1. 63333 POINTS
    Peggy Mace, Certified Senior Advisor (CSA)®PRO
    CEO, Outlook Life, Inc, Most of the U.S.
    The type of life insurance that pays a dividend is called a participating policy. Dividends are paid when the insurance company makes a profit and, in essence, shares them with its policyholders. The type of life insurance company that offers participating policies that pay dividends is called a mutual company. The type of policy that pays a dividend is usually Whole Life.
    Answered on June 22, 2013
  2. 0 POINTS
    David RacichPRO
    Fountain Hills, Arizona
    Participating whole life insurance pays annual and terminal dividends at the declaration of the mutual life insurance company’s board of directors. A dividend is not guaranteed and is defined as a return of unused premium up to basis. And as a return of unused premium up to basis is tax free and can be used for a variety of applications one of which is cash. 

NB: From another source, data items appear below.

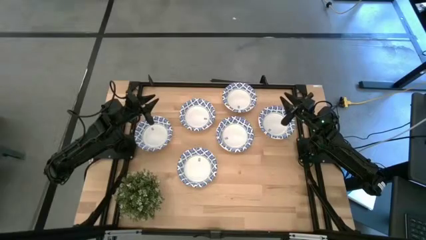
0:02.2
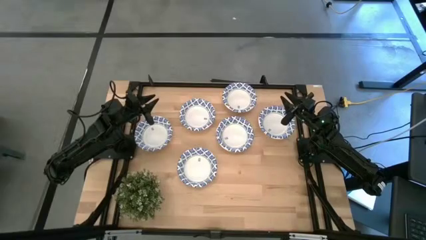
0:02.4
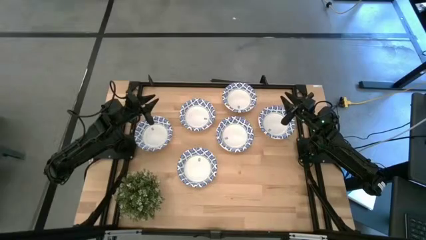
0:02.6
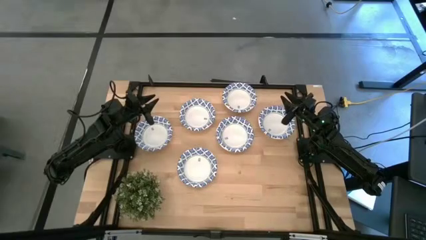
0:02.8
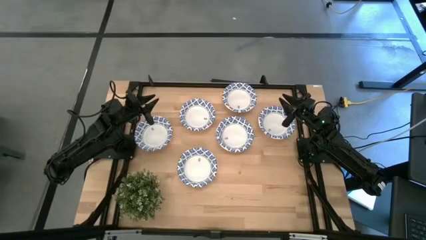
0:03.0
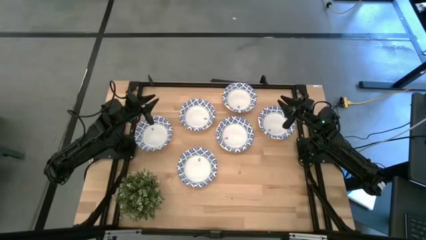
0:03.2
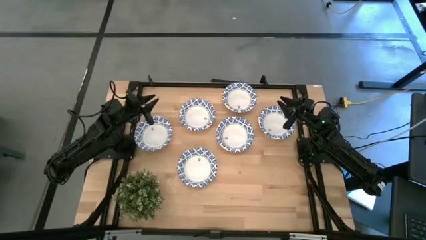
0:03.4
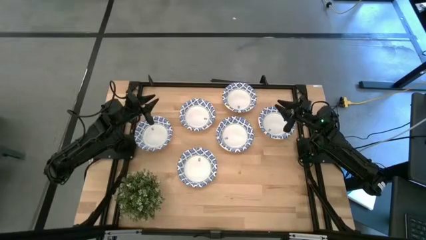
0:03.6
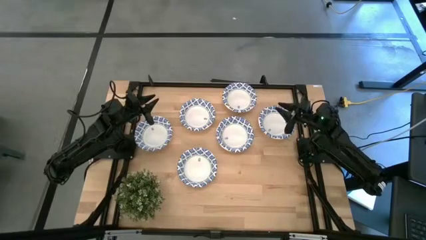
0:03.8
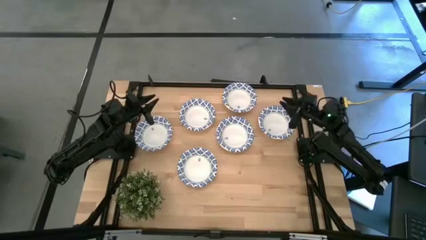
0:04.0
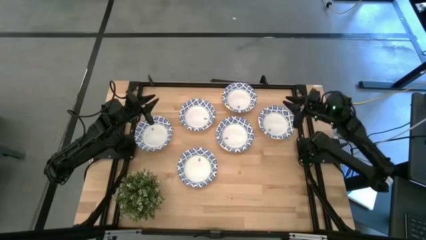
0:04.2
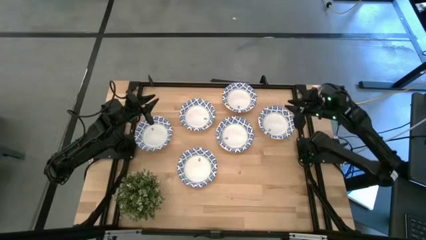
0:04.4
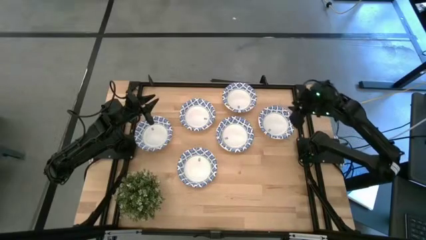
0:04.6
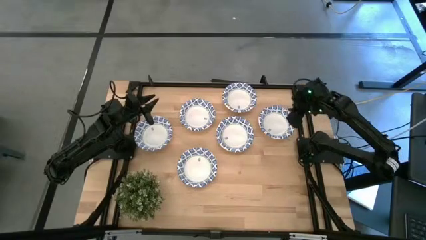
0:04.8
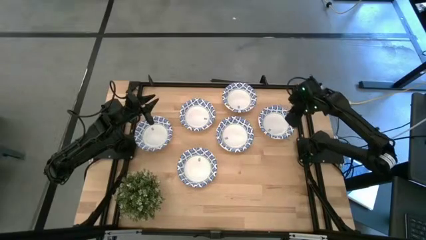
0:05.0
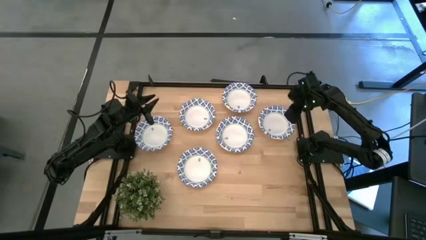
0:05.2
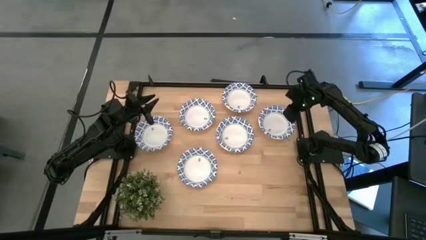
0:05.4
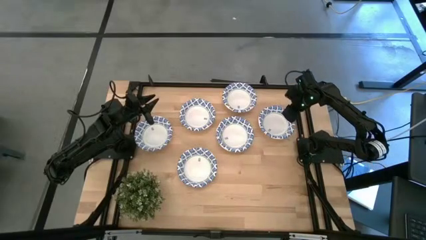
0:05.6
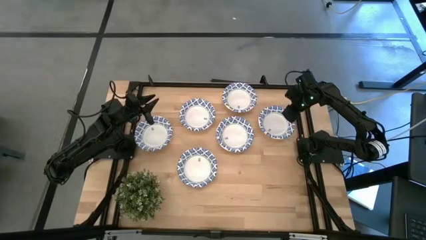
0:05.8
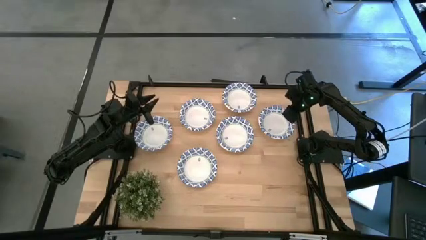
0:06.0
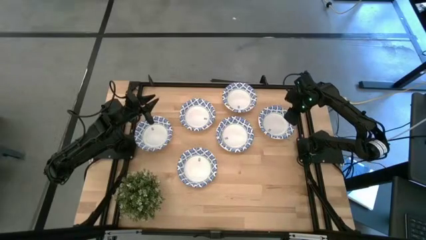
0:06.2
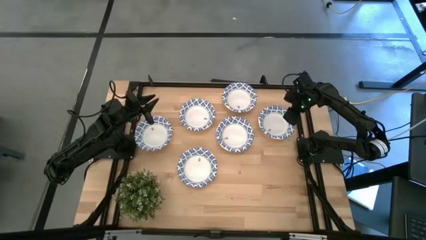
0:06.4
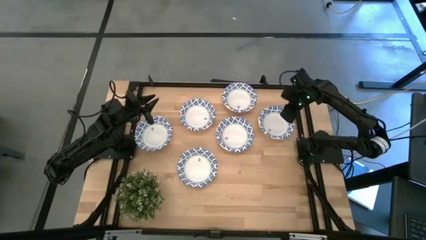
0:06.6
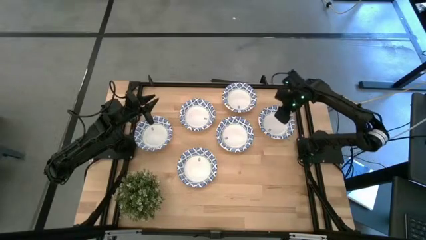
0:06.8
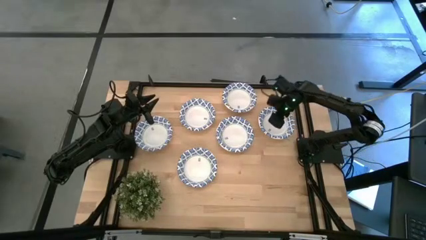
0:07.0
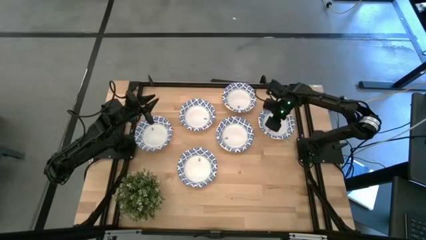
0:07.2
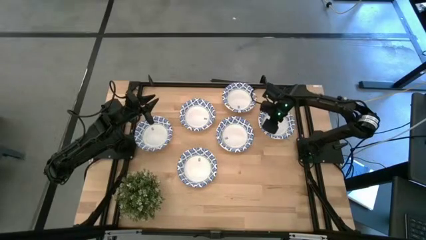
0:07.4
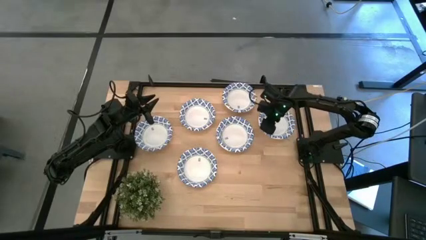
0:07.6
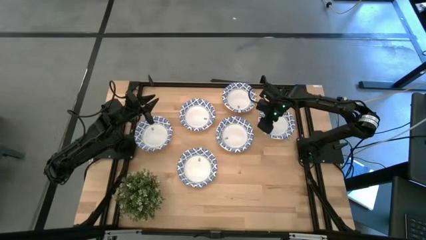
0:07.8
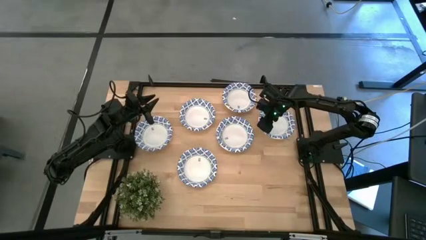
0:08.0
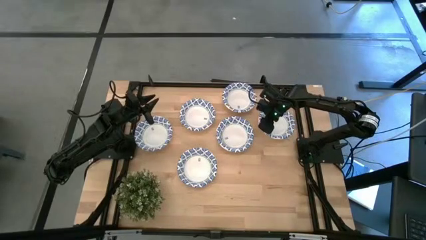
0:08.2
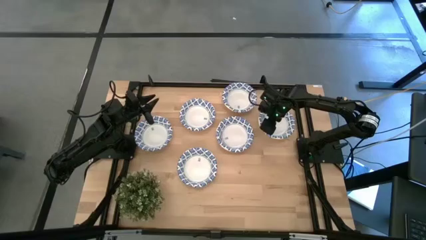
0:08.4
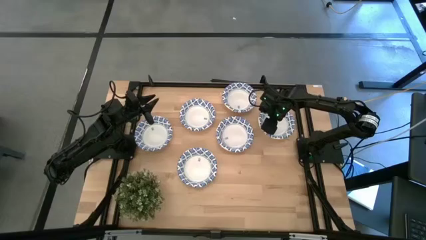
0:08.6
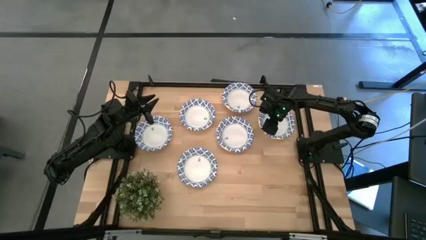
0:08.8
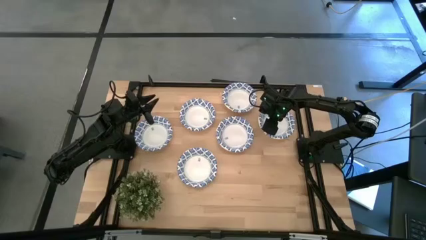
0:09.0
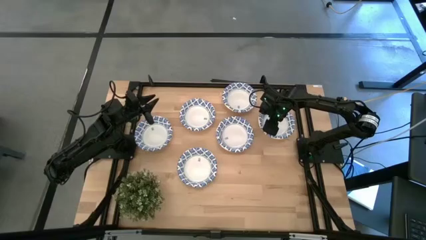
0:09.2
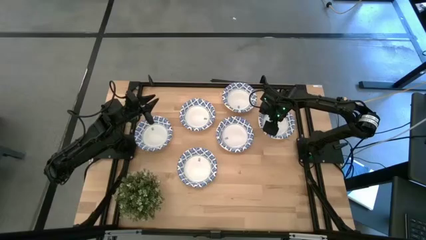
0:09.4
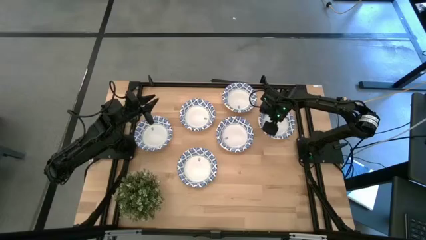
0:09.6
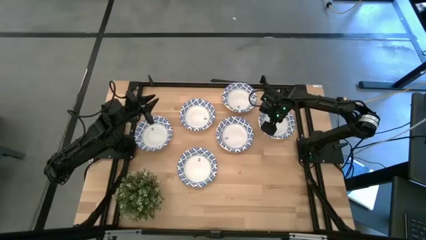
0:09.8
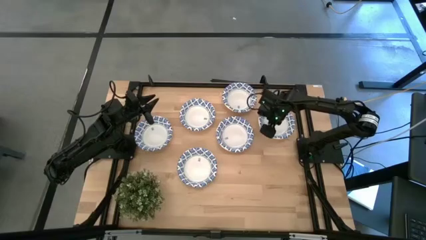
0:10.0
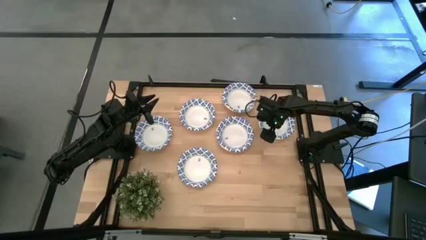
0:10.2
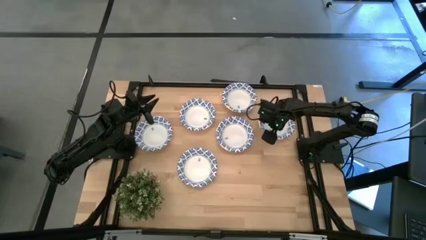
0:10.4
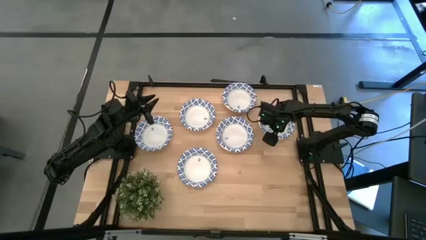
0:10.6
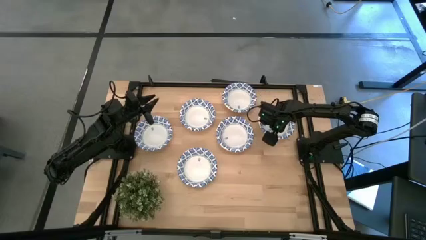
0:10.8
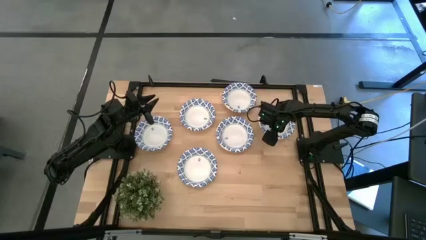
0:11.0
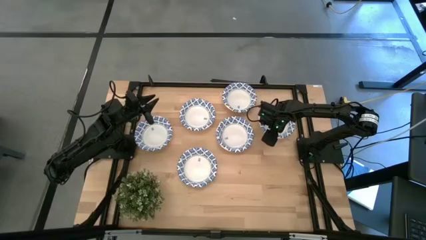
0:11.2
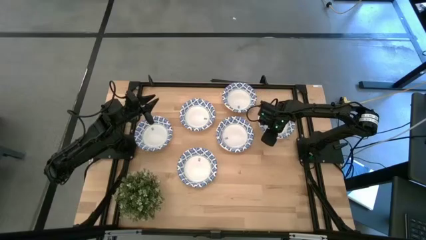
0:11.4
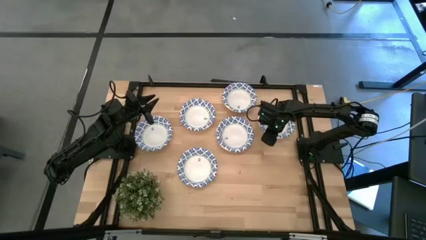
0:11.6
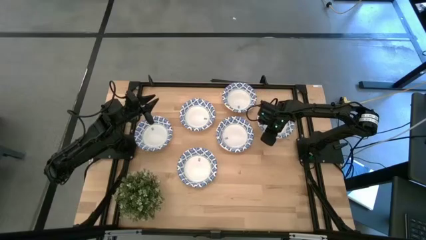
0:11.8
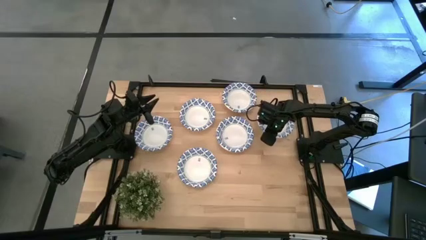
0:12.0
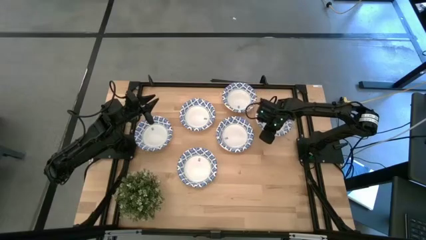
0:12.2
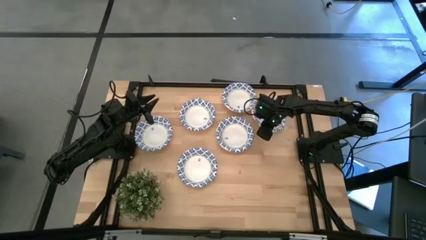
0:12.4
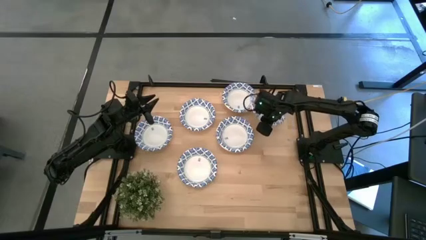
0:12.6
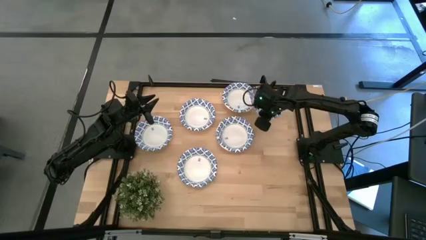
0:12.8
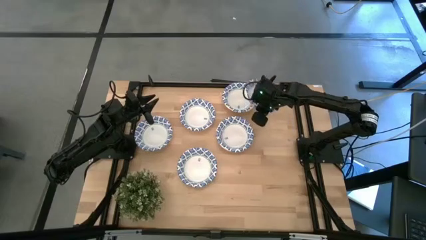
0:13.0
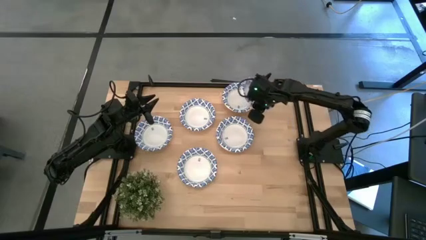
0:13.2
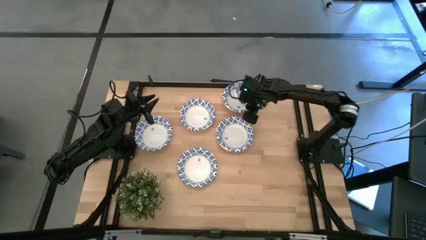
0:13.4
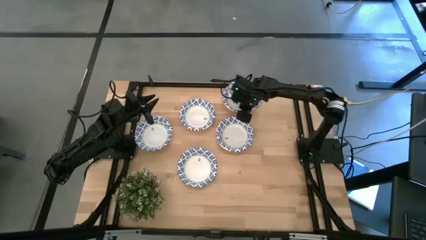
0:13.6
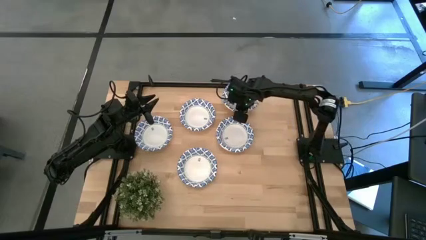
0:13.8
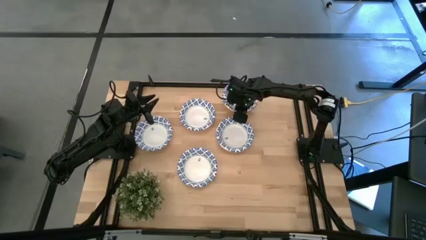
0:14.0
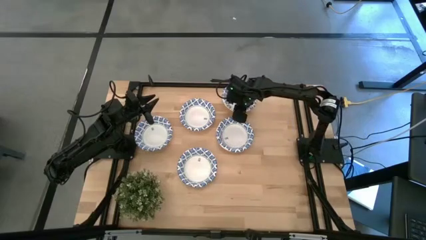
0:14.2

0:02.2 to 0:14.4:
Task: Nest bowls inside each other
Stack the right bowl on the top bowl

    Answered on June 22, 2013
  3. 5877 POINTS
    Stan Cox IIPRO
    Insurance Adviser - Broker, SC Insurance Services, Oahu, Hawaii
    Whole Life policies that are issued by Mutual insurance companies are the ones that participate in Dividends. Stock companies, which are by far the way the majority of insurance companies are set up, are those that have "gone public" as to their holdings and have sold their ownership to stock holders in order to raise money. As a result they are primarily answerable to their stock holders, and then secondarily to the policy holders. This effects their investment strategies with regard their general account.

    Mutual companies are owned by the policy holders and therefore are answerable to the policy holders and not stock holders. As a result a portion of the profits generated by the investments of the Mutual company are paid to the "participating" policy holders in the way of dividends. Term policies are not participating and do not have any cash value.